Adjusting to anything new takes time. The bulk meal service model had many benefits for residents, however, asking anyone to change their daily routine, especially around meals, inevitably results in some resistance. The new daily social interaction among residents at meal times allowed many relationships to flourish but also opened the door for conflict among others. Who sits with whom in the dining room was not an easy puzzle to put together. Waiting for tables to be served exposed residents to wait times that were previously less obvious when they ate in their rooms. Dietary restrictions were more visible to tablemates, and suddenly, residents started asking for specific food items of which they had not previously been aware. This phenomenon stimulated discussion among the care team about liberalizing the resident menu.

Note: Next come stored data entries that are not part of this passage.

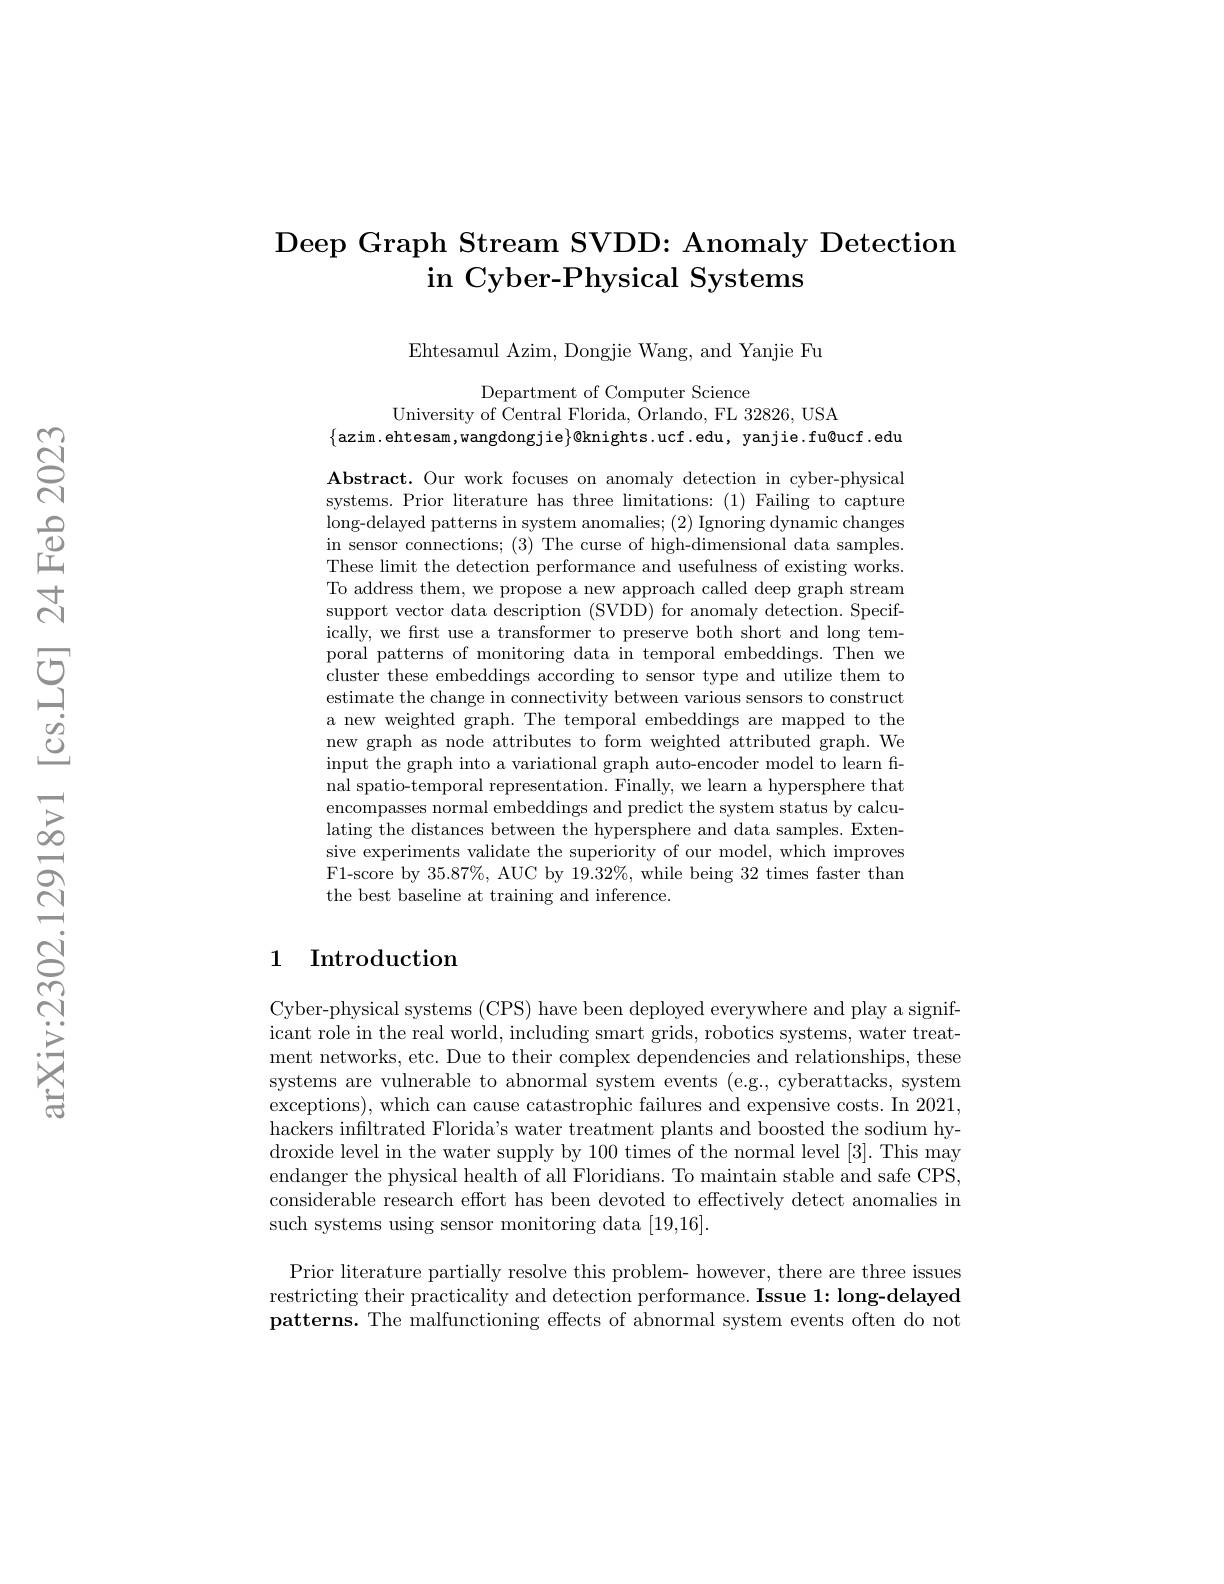
## Deep Graph Stream SVDD: Anomaly Detection in Cyber-Physical Systems

Ehtesamul Azim, Dongjie Wang, and Yanjie Fu

Department of Computer Science
University of Central Florida, Orlando, FL 32826, USA
$\{$azim.ehtesam,wangdongjie$\}$@knights.ucf.edu,yanjie.fu@ucf.edu

Abstract. Our work focuses on anomaly detection in cyber-physical systems. Prior literature has three limitations: (1) Failing to capture long-delayed patterns in system anomalies; (2) Ignoring dynamic changes in sensor connections; (3) The curse of high-dimensional data samples. These limit the detection performance and usefulness of existing works. To address them, we propose a new approach called deep graph stream support vector data description (SVDD) for anomaly detection. Specifically, we frst use a transformer to preserve both short and long temporal patterns of monitoring data in temporal embeddings. Then we cluster these embeddings according to sensor type and utilize them to estimate the change in connectivity between various sensors to construct a new weighted graph. The temporal embeddings are mapped to the new graph as node attributes to form weighted attributed graph. We input the graph into a variational graph auto-encoder model to learn final spatio-temporal representation. Finally, we learn a hypersphere that encompasses normal embeddings and predict the system status by calculating the distances between the hypersphere and data samples. Extensive experiments validate the superiority of our model, which improves F1-score by 35.87%, AUC by 19.32%, while being 32 times faster than the best baseline at training and inference.

## 1 Introduction

Cyber-physical systems (CPS) have been deployed everywhere and play a significant role in the real world, including smart grids, robotics systems, water treatment networks, etc. Due to their complex dependencies and relationships, these systems are vulnerable to abnormal system events (e.g., cyberattacks, system exceptions), which can cause catastrophic failures and expensive costs. In 2021, hackers infiltrated Florida's water treatment plants and boosted the sodium hydroxide level in the water supply by 100 times of the normal level [3]. This may endanger the physical health of all Floridians. To maintain stable and safe CPS, considerable research effort has been devoted to effectively detect anomalies in such systems using sensor monitoring data [19,16].

Prior literature partially resolve this problem- however, there are three issues restricting their practicality and detection performance. Issue 1: long-delayed patterns. The malfunctioning effects of abnormal system events often do not

Despite the fact that forecasting, preparation, and production were done separately for each seating, having a ‘second seating’ at meals gave some residents the perception that ‘first seating’ received preferential treatment, and that those seated second were getting leftovers. Education with staff, residents and family members was necessary to dispel this myth.


The bulk meal service was implemented in phases bringing on one nursing unit per week over four weeks so that we could focus on the particular needs of each unit. Unique challenges surfaced when the implementation took place on the Cognitive Unit. Continuity is important for these residents; they may not be able to recall yesterday’s events but adapt well to routines. One resident, when offered a choice of two entrées replied, “I don’t want either, I just want my lunch tray”. Where family members previously made menu selections for residents with the tray service, some residents appeared overwhelmed having to shift to making seemingly simple food choices three times a day. Over time, the bulk meal service became routine and these challenges now seem to be non-issues. All of our experiences during the implementation prompted good discussion between our department and the care team about dining room philosophy and creating a home-like environment. Dining ‘ground rules’ for processes and conduct for both staff and residents continues to be a work in progress to improve the quality of the dining room experience.

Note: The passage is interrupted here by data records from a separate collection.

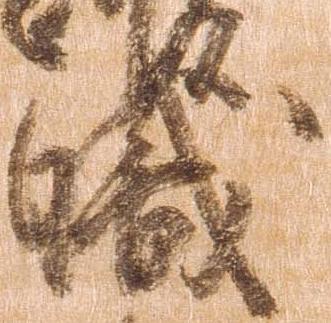
職
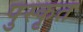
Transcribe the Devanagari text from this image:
पुस्कृत
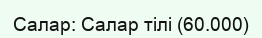
Салар: Салар тілі (60.000)
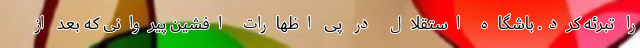
را تبرئه کرد. باشگاه استقلال در پی اظهارات افشین پیروانی که بعد از
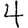
Digit: 4
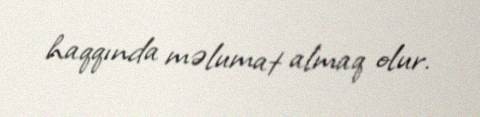
haqqında məlumat almaq olur.
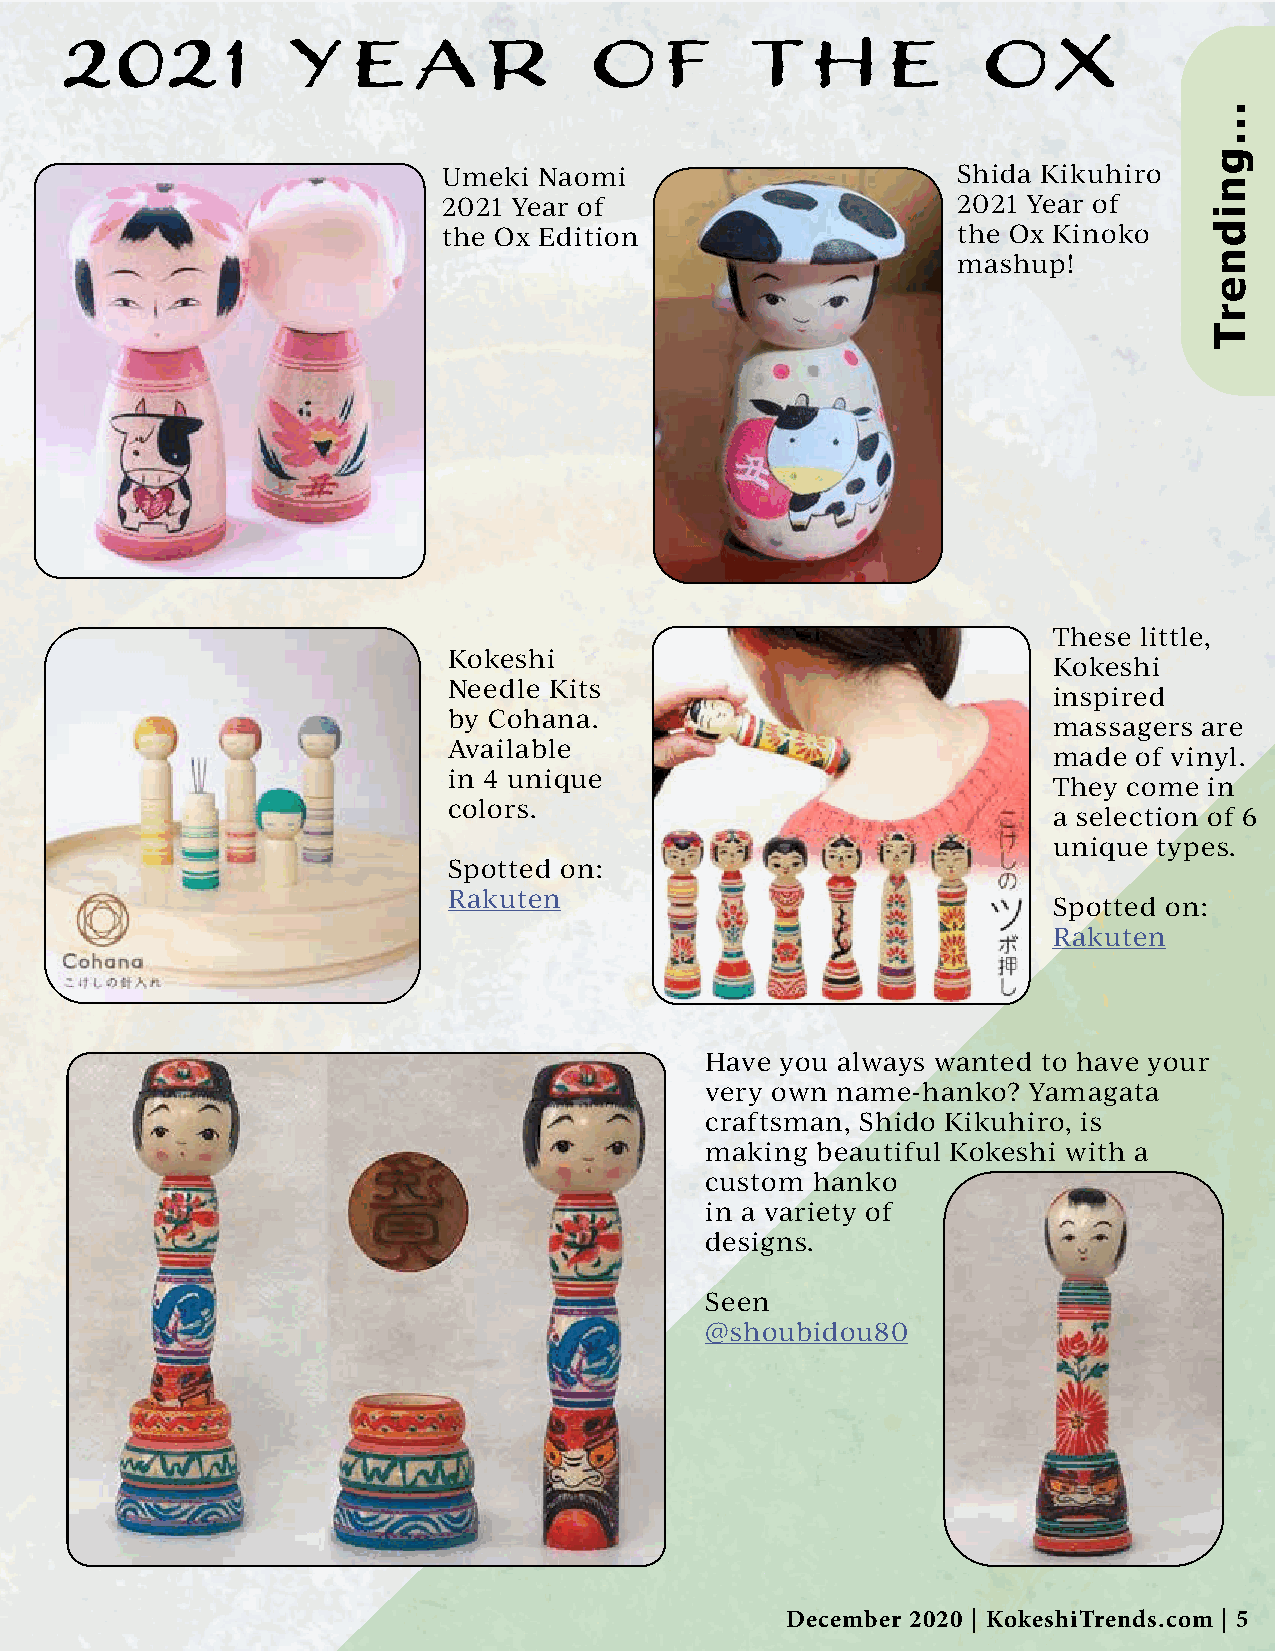
2021           Year                of         The            Ox
 Umeki  Naomi                      Shida Kikuhiro
 2021 Year of                      2021 Year of
 the Ox Edition                    the Ox Kinoko
 mashup!
 These little,
 Kokeshi
 Kokeshi
 Needle Kits
 inspired
 by Cohana.
 massagers are
 Available
 made of vinyl.
 in 4 unique
 They come in
 colors.
 a selection of 6
 unique types.
 Spotted on:
 Rakuten
 Spotted on:
 Rakuten
 Have you always wanted to have your
 very own name-hanko? Yamagata
 craftsman, Shido Kikuhiro, is
 making beautiful Kokeshi with a
 custom hanko
 in a variety of
 designs.
 Seen
 @shoubidou80
 December 2020 | KokeshiTrends.com | 5
 ...gnidnerT
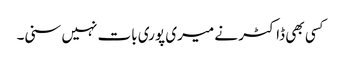
کسی بھی ڈاکٹر نے میری پوری بات نہیں سنی۔
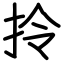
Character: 拎
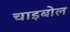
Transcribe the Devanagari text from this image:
चाइबोल
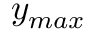
y _ { m a x }
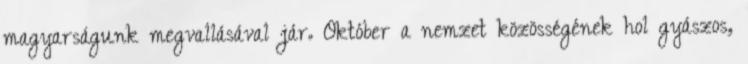
magyarságunk megvallásával jár. Október a nemzet közösségének hol gyászos,
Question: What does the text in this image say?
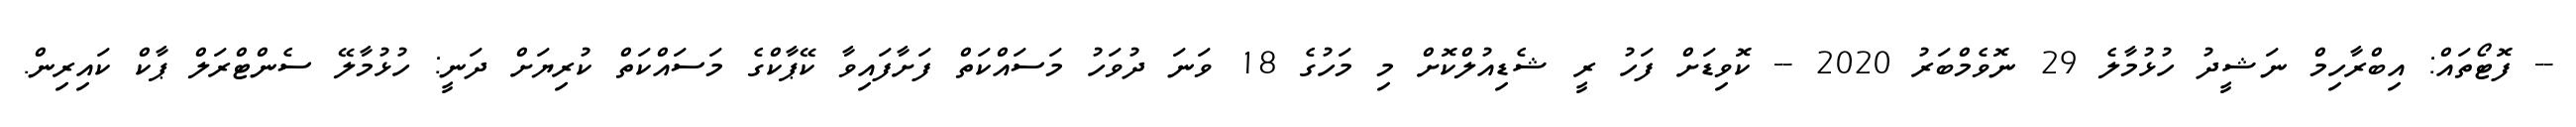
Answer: -- ފޮޓޯތައް: އިބްރާހިމް ނަޝީދު ހުޅުމާލެ 29 ނޮވެމްބަރު 2020 -- ކޮވިޑަށް ފަހު ރީ ޝެޑިއުލްކޮށް މި މަހުގެ 18 ވަނަ ދުވަހު މަސައްކަތް ފަށާފައިވާ ކޭޕާކްގެ މަސައްކަތް ކުރިޔަށް ދަނީ: ހުޅުމާލޭ ސެންޓްރަލް ޕާކް ކައިރިން.
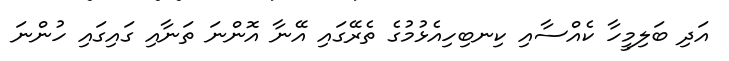
އަދި ބަލިމީހާ ކެއްސާއި ކިނބިހިއެޅުމުގެ ތެރޭގައި އޭނާ އޮންނަ ތަނާއި ގައިގައި ހުންނަ
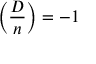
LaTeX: \left( { \frac { D } { n } } \right) = - 1
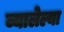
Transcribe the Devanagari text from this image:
व्यालेल्या
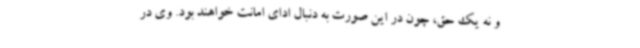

Resident satisfaction with the bulk meal service was of high importance for both our department and for the organization in evaluating the success of the project. Despite the fact that there does not appear to be a difference in resident satisfaction over the long term, it is important to note that the satisfaction survey primarily assessed operations and food services para meters (e.g., quality, timeliness, temperature ). The potential impact of a dining environment and mealtimes on other factors related to quality of life cannot be discounted.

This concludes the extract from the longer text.